Said not only accepts the reality of such a tradition, but he also erases, as Aijaz Ahmed observes, the fractures, conflicts and divisions within European societies and treats Europe as a homogenous maker of history:

It is rather remarkable how constantly and comfortably Said speaks… of a Europe, or the West, as a self-identical, fixed being which has always had an essence and a project, an imagination and a will; and of the “Orient” of its object – textually, militarily, and so on. He speaks of the West, or Europe, as the one that produces that knowledge, the East as the object of that knowledge. In other words, he seems to posit stable subject-object identities, as well as ontological and epistemological distinctions between the two. In what sense then, is Said himself not an Orientalist – or at least, as Sadek el-Azm puts it, an “Orientalist-in-reverse”? Said quite justifiably accuses the “Orientalist” of essentialising the Orient, but his own essentialising of the “West” is equally remarkable. In the process, Said gives us the same “Europe” – unified, self-identical, transhistorical, textual – which is always rehearsed for us in the sort of literary criticism which traces its own pedigree from Aristotle to T.S. Eliot.In Theory, p. 183

For Said, a European, by virtue of being European, must necessarily be racist. “[E]very European”, he writes, “in what he could say about the Orient, was consequently a racist, an imperialist, and almost totally ethnocentric”. Every European? Surely even Gobineau or Renan might have been somewhat more circumspect about making such sweeping statements. As Ahmad observes, “These ways of dismissing entire civilizations as diseased formations are unfortunately all too familiar to us, who live on the other side of the colonial divide, from the history of imperialism itself.”

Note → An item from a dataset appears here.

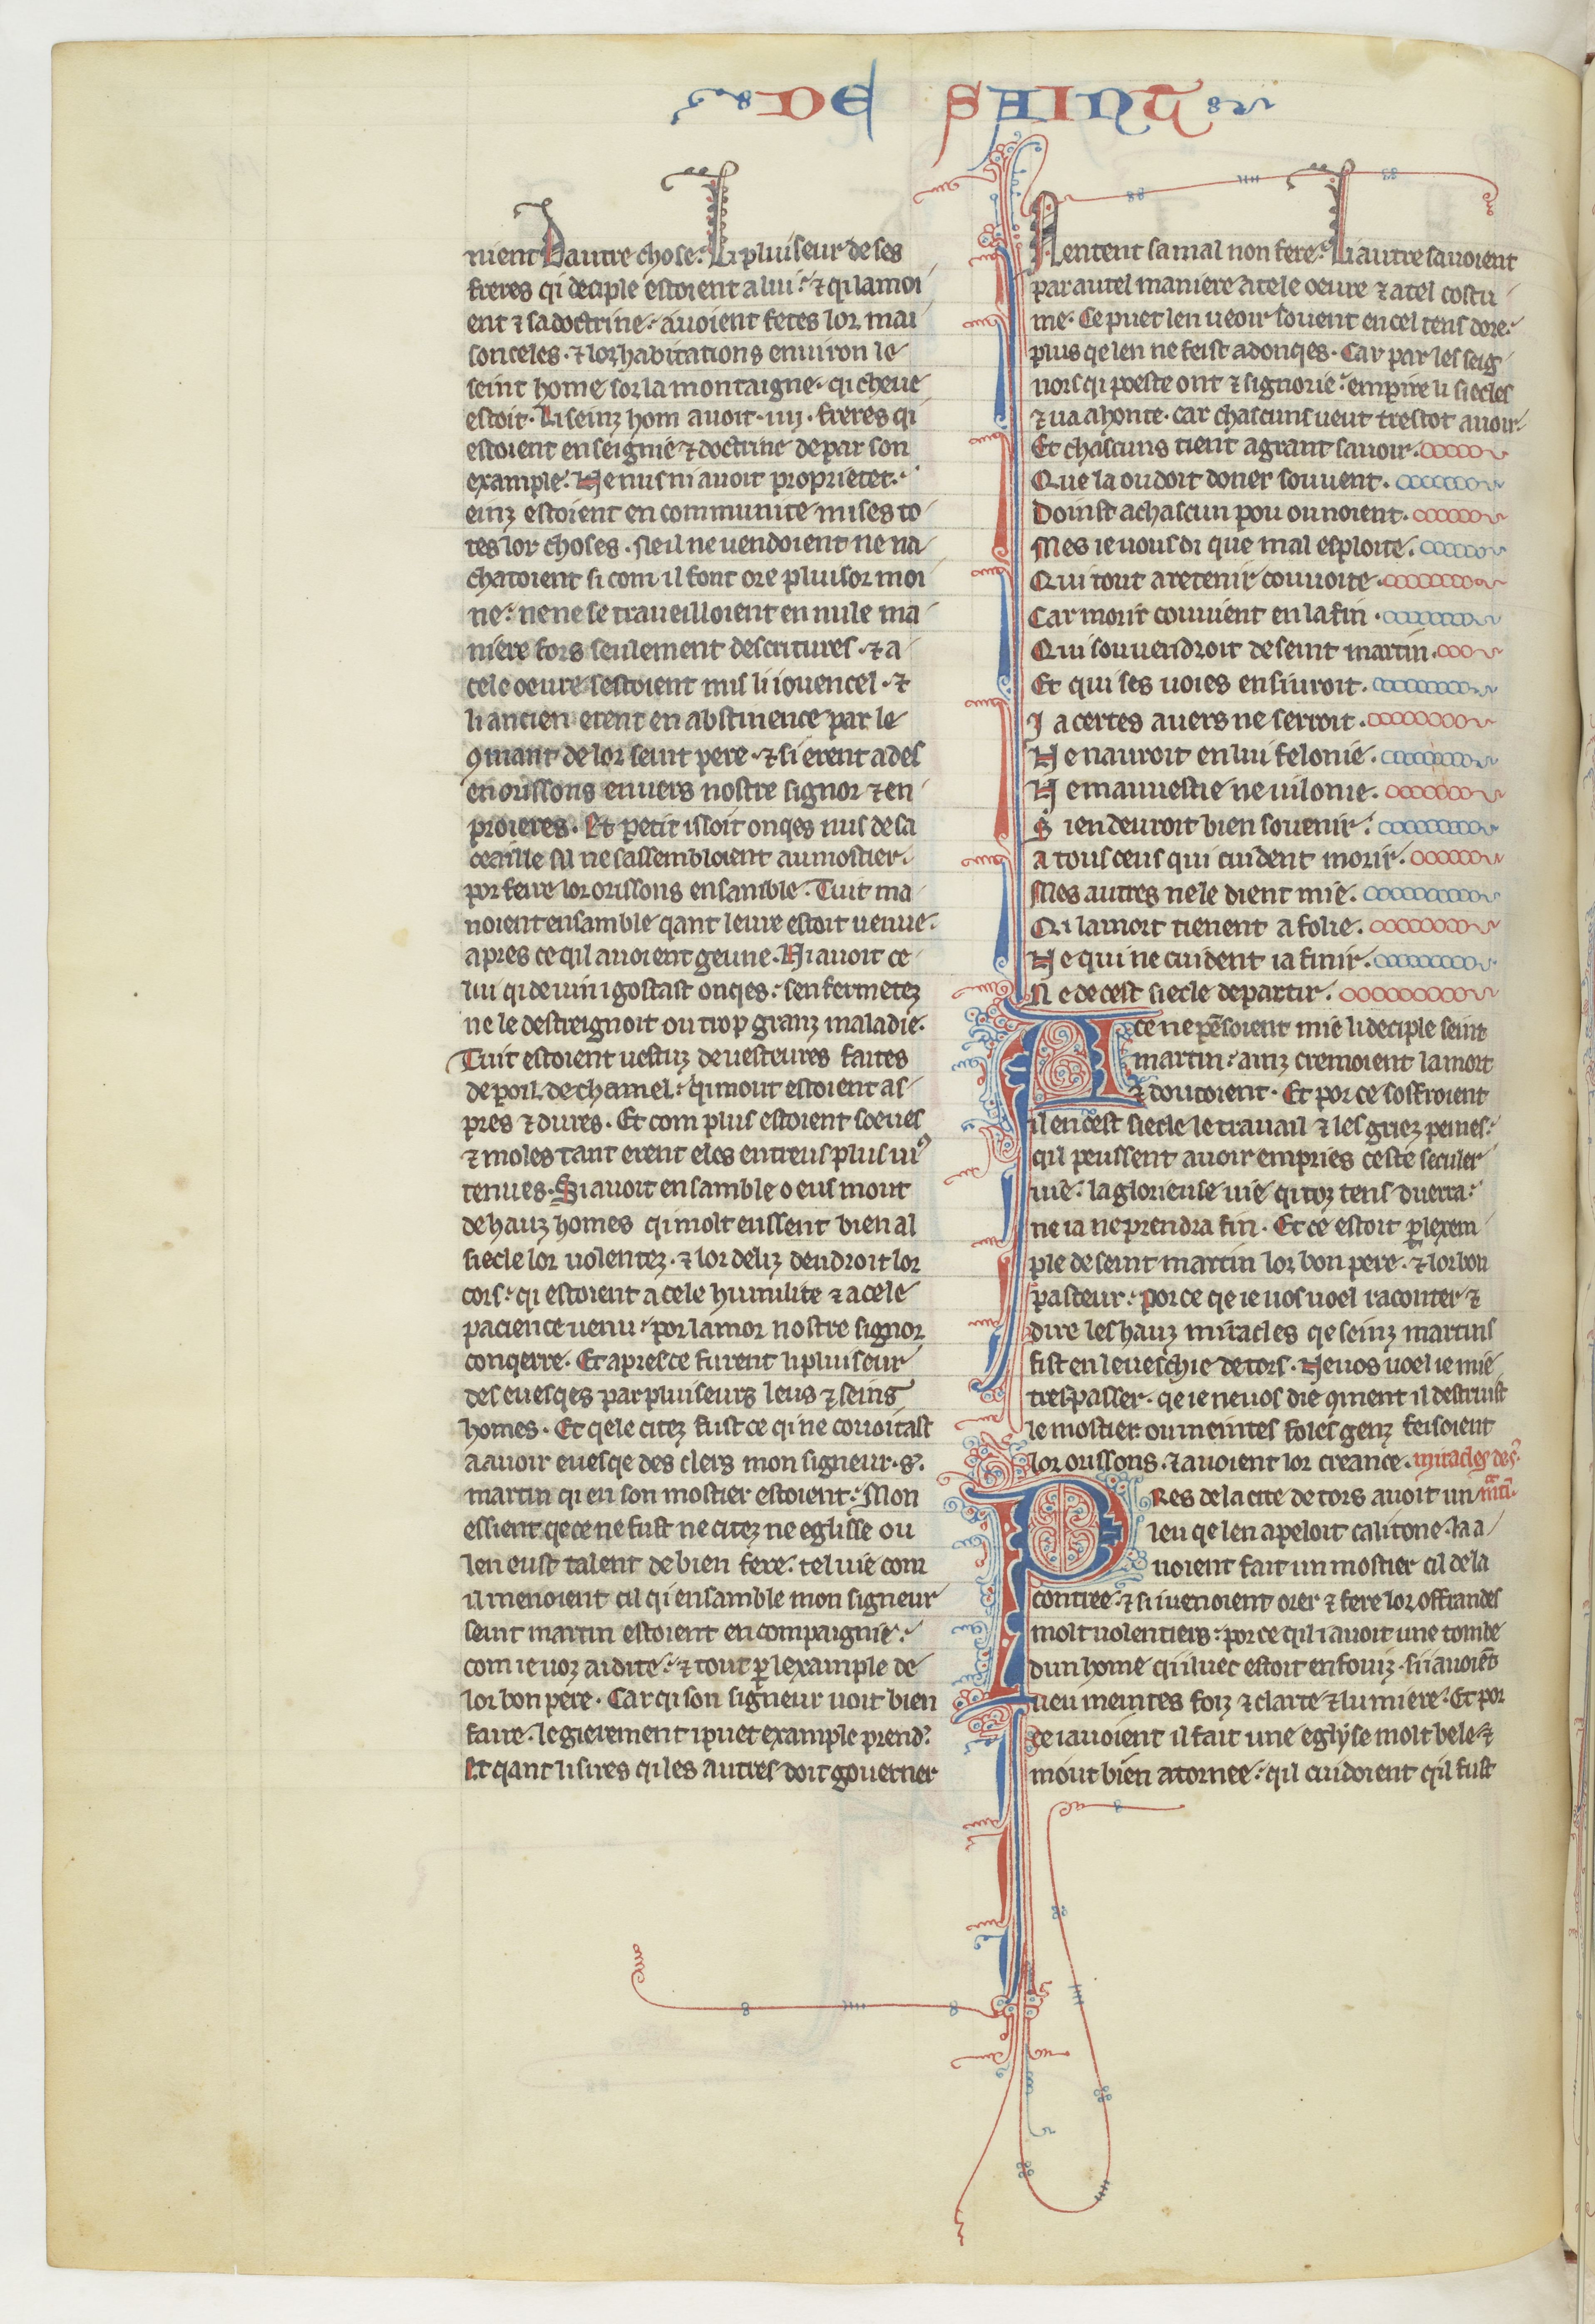
Shelfmark: Paris, BnF, fr. 412
Century: 13

Elsewhere, Said himself has cogently argued against such ahistoric attitudes:

Culture and Imperialism, If you know in advance that the African or Iranian or Chinese or Jewish or German experience is fundamentally integral, coherent, separate, and therefore comprehensible only to Africans, Iranians, Chinese, Jews or Germans you first of all posit as essential something which, I believe, is both historically created and the result of interpretation – namely the existence of Africanness, Jewishness, or Germanness, or for that matter Orientalism or Occidentalism. Culture and Imperialism, p. 35

Yet such cautionary reminders of the dangers of an ahistoric approach are all too often lost amidst the rush to establish that the categories of Western thought are in and of themselves imbricated with racism. A few chapters on from his warning against thinking of cultures as “fundamentally integral, coherent, separate”, Said argues that there exists a “fundamental ontological distinction between the West and the rest of the world” and that “we may consider” “the geographical and cultural boundaries between the West and its non-Western peripheries” as “absolute”.